The animal discussed was one the owners had bought  from Ben Johnson Senior so as to indulge their daughter's wish to learn English riding. That horse was the topic and focal point of the men's  hilarity.  A horse sailing over the fences with a young surprised cowboy on his back was too good for them to pass up as to having fun with the boy.

So as not to rudely make her presence known,  Leslie quickly left the kitchen to return to the table where the place for her meal should have been waiting. Instead of the quiet little group  nothing was there now. The silence of the old house was once again upon her as heavy as an old cold weather coat.  It was  heavy and uncomfortable.

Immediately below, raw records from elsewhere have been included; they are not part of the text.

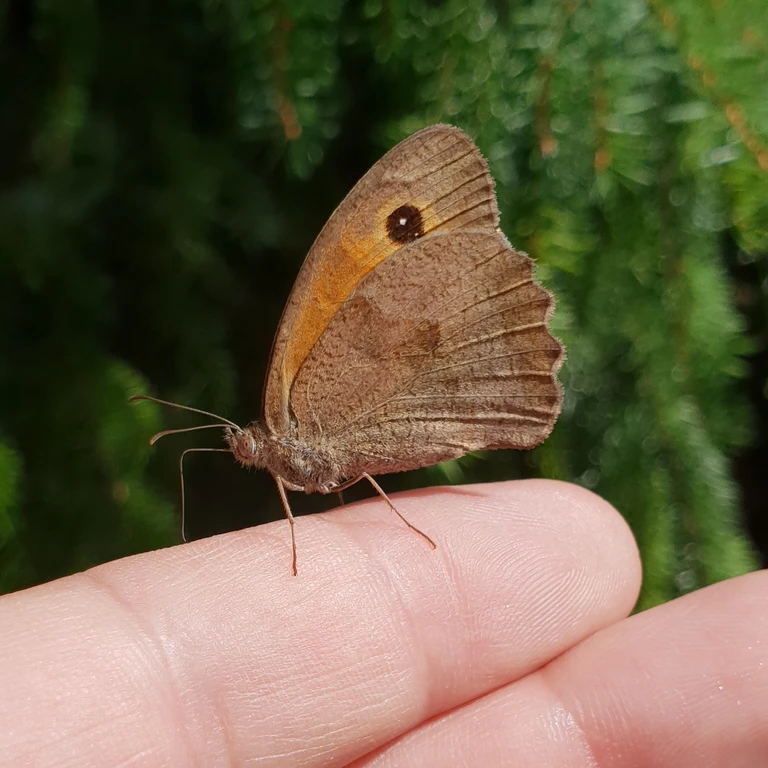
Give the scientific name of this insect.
Maniola jurtina
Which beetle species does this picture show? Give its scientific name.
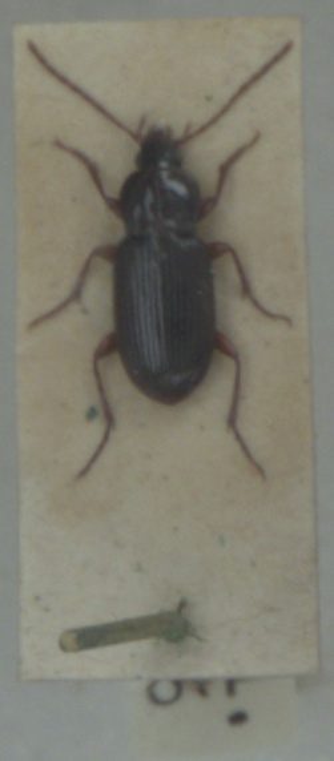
Pedius longicollis
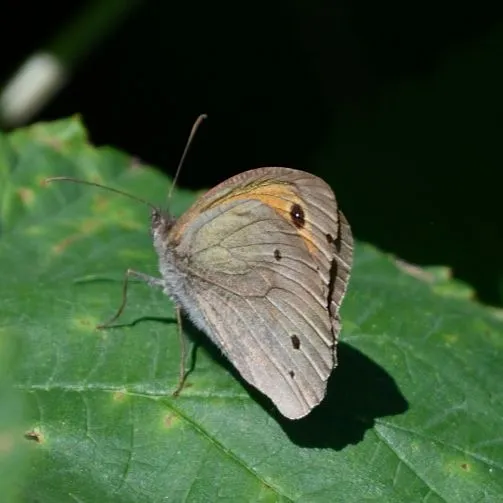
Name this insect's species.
Maniola jurtina
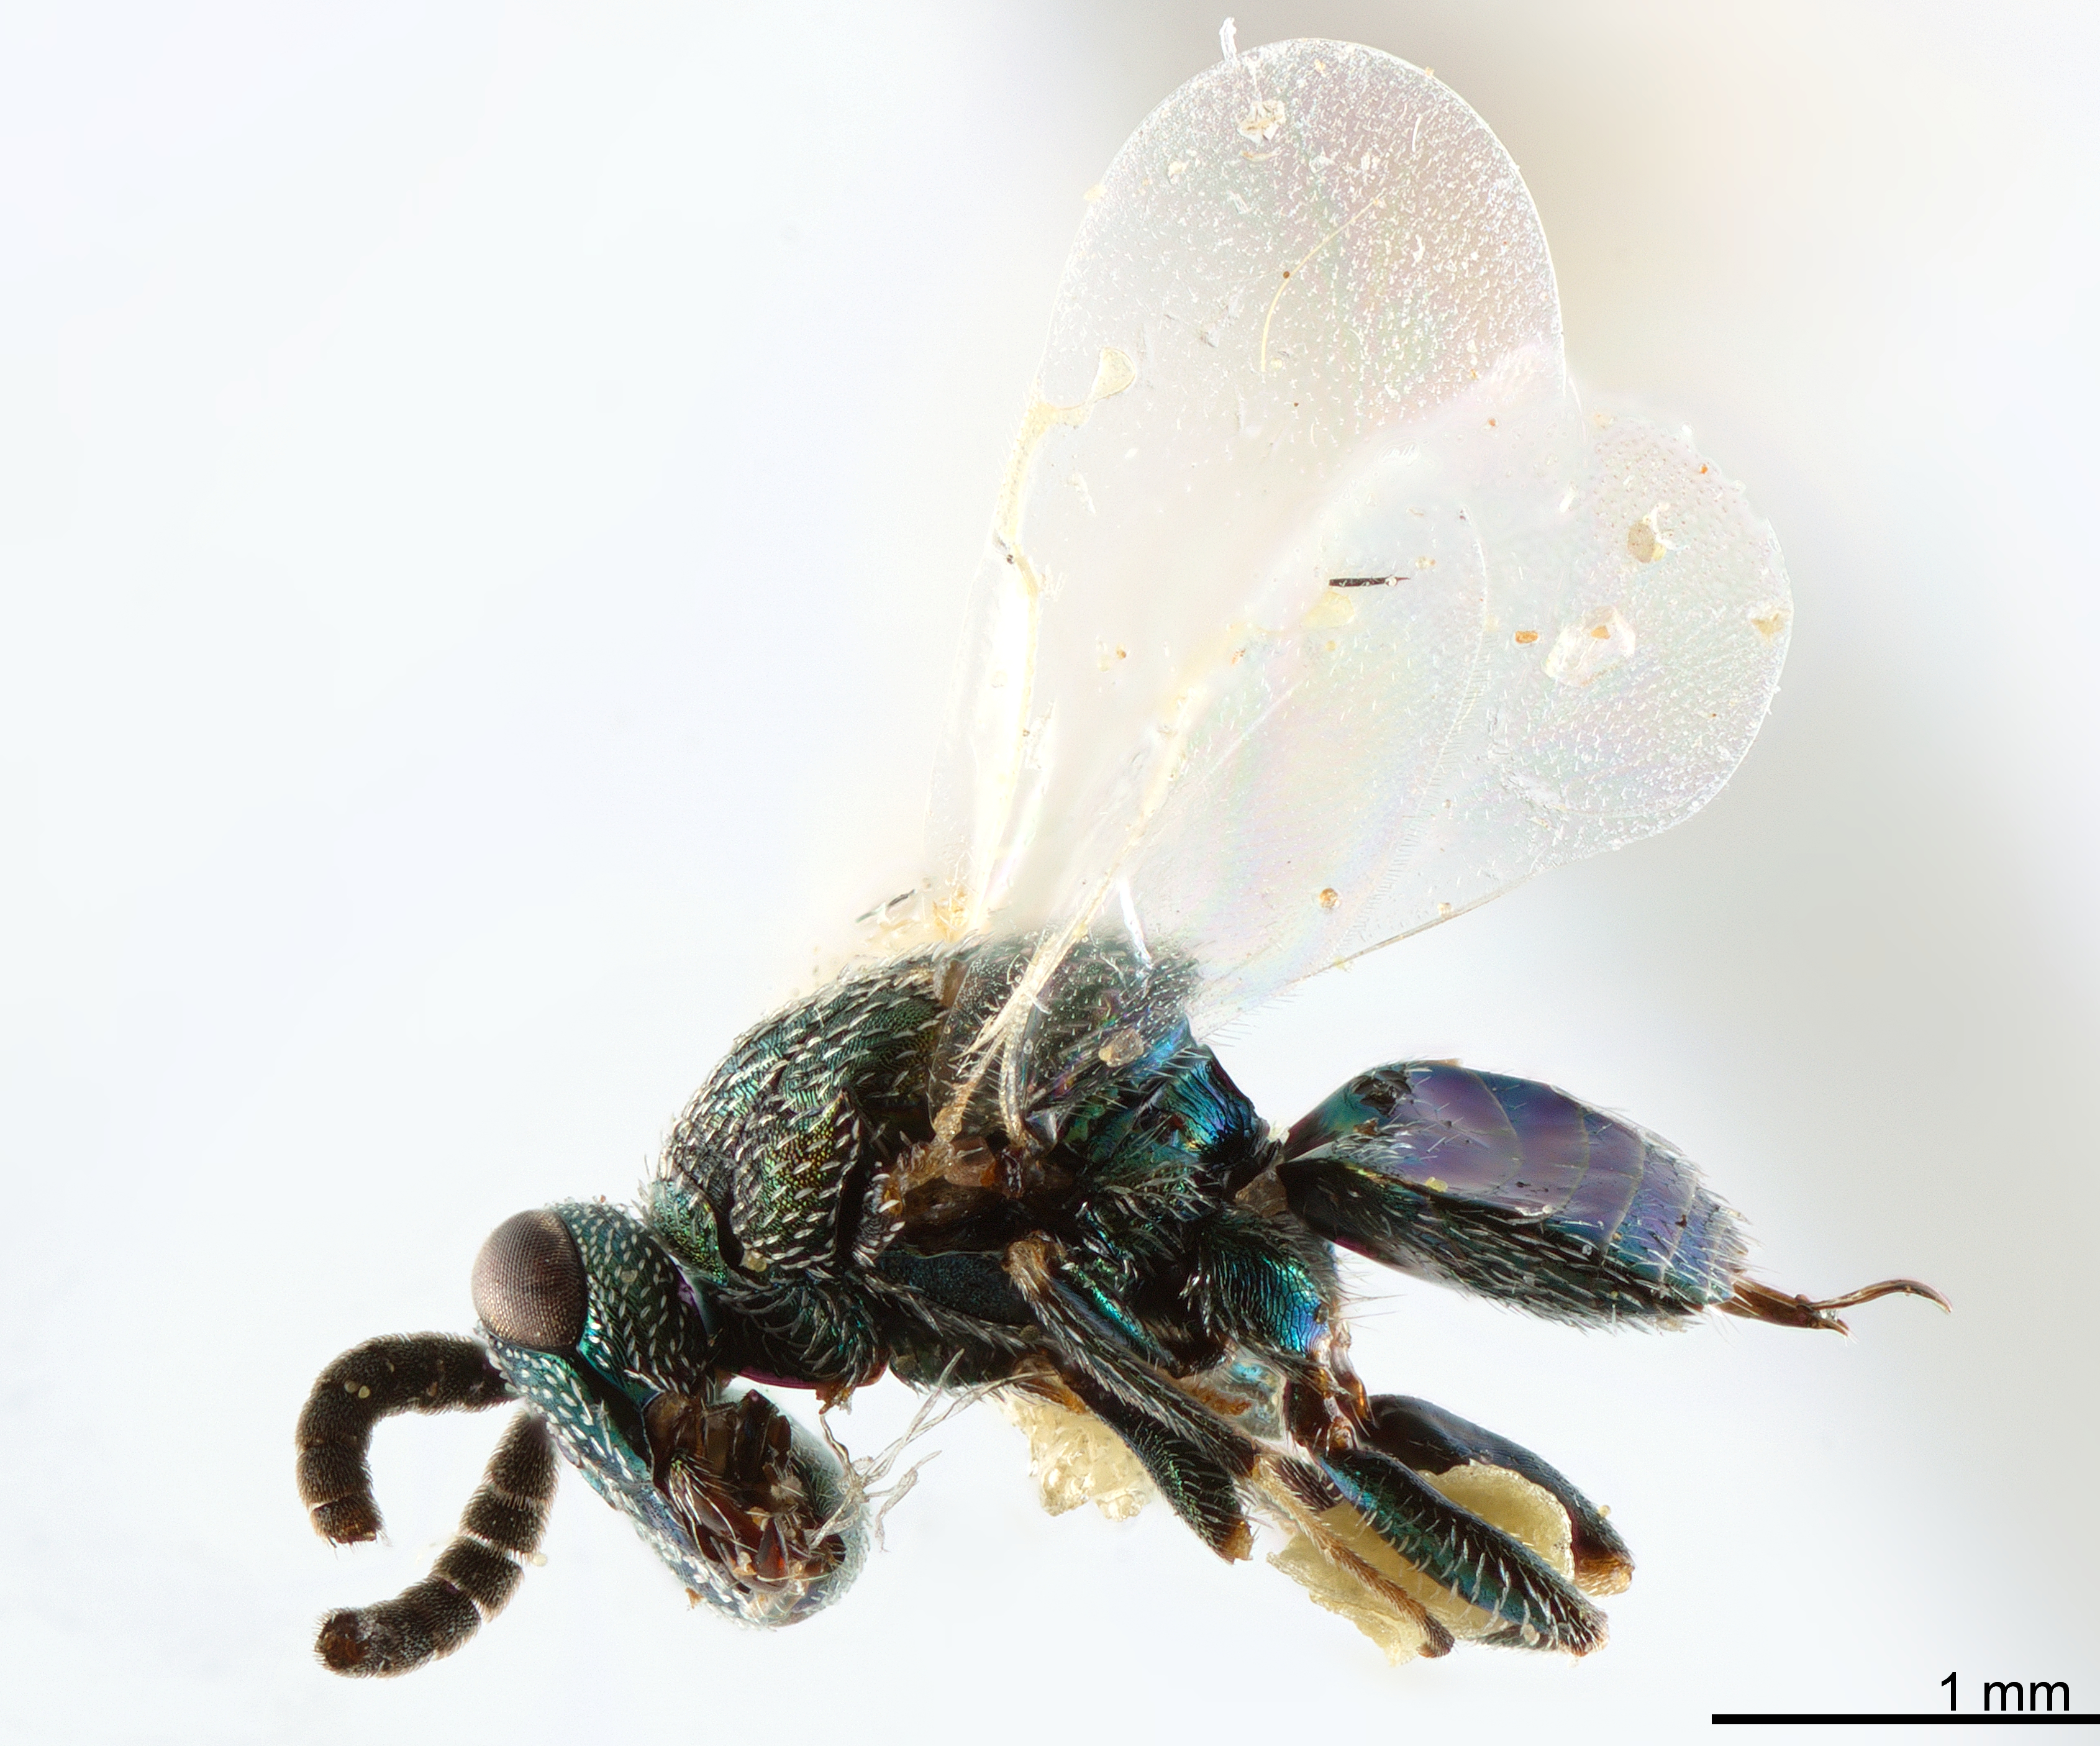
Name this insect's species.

She turned away from  this table and the back porch to see if she could find something else yet to touch in upon her senses. True to her wish, the back bedroom she stepped into was furnished and looked to be just as the family  left it. These furnishings in the bedroom were striking. They were obviously most expensive and rich looking of a cream colored off white. The bed had a solid head and foot board. In the middle of the head board and  also at the middle of the foot board there was a raised relief decoration of a vase with flowers which looked to be hand painted and with delicate colors. A dressing table stood in one corner of the room. On it were three mirrors, a long one in the middle and two smaller ones on the side with hinges to fold at any angle.

Across the room from this was a very big low chest of drawers holding a large flat mirror.   Opposite the bed was an armoire.  The rich heavy doors closing over this piece was elegant and was for the pleasure of any guest to use while they stayed. The windows of the room were covered with the venetian blinds which at the time were a modern addition. Over the blinds hung lace drops of fabric.

Leslie was all of a sudden very tired. The sprite of a girl walked over to the bed and  curled up on it.  Before falling off to sleep  she was seeing a large  portrait hanging above the headboard. Looking back at her were the eyes of someone just her age who could have been her twin. Too tired to question anything,  she slept.

When this estranged resident awoke there was the twittering of little birds outside her window. The sunlight filtering through the tall narrow windows covered with  lace curtains and the quiet of this very pleasant room said the storm was gone.  She dropped her hand off the side of the bed to run her fingers through a softer carpet of a delicate muted gray green color. It was more to her liking and she somehow knew the floor covering came from someone closer to her era.

The girl arose, walked back over the floors now again covered with the rubble of old plaster. Her weight, though light, still crunched the material as she trod slowly over it. When she stepped out of the house onto the old stone porch her horse tossed its head and whinnied to her.